Finaly, I want to export the data in two CSV files with the same format and be able to compare these files.
I’m attempting to create a JSON template to facilitate the transformation and make the processus faster than doing it manually.

Regards

Sorry Emmanuel, Ive had to travel over last few days and so not had time to reply.
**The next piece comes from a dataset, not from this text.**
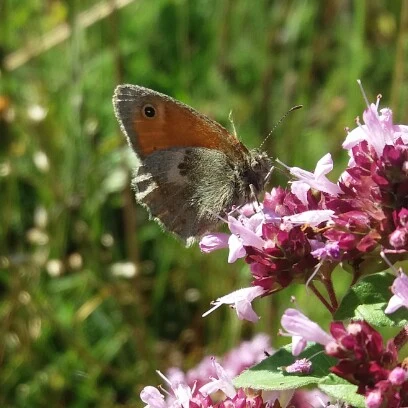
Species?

Ill take a look at your reply when i get time though later in the week when im back.

I’m getting back into things Emmanuel, sorry for disappearing but I had some family matters to attend to.

With the two sets of data I’d look at the following approaches:

  • Top level rec, how much data is in the two outputs, if you have an unwind then take this into account
  • If you have unwinds or pushes into an array then check a key dimension within and check the amount of data in the source and target
  • Get a full list of fields and generate a mapping document to verify each field, where it goes and where it came from, you could then build a secondary projection for each that converts to a single row output CSV and compare the source and target to make sure every field remains the same.

For #3 I find notepad++ and Excel to be superb in creating these kinds of thing, I also make a lot of use of Pivot tables in excel when reconciling data between systems, so when exporting data you can pull it into Excel as a CSV and then pivot key dimensions to check counts.

I can’t think of a magic bullet for this, if you have two projections to compare then it can be a manual work process, but you can start with smaller datasets which can make life easier.

Hi John,

I hope your family is doing well.

Thank you very much for your answers.
Starting with smaller datasets is a good approach.

This topic was automatically closed 5 days after the last reply. New replies are no longer allowed.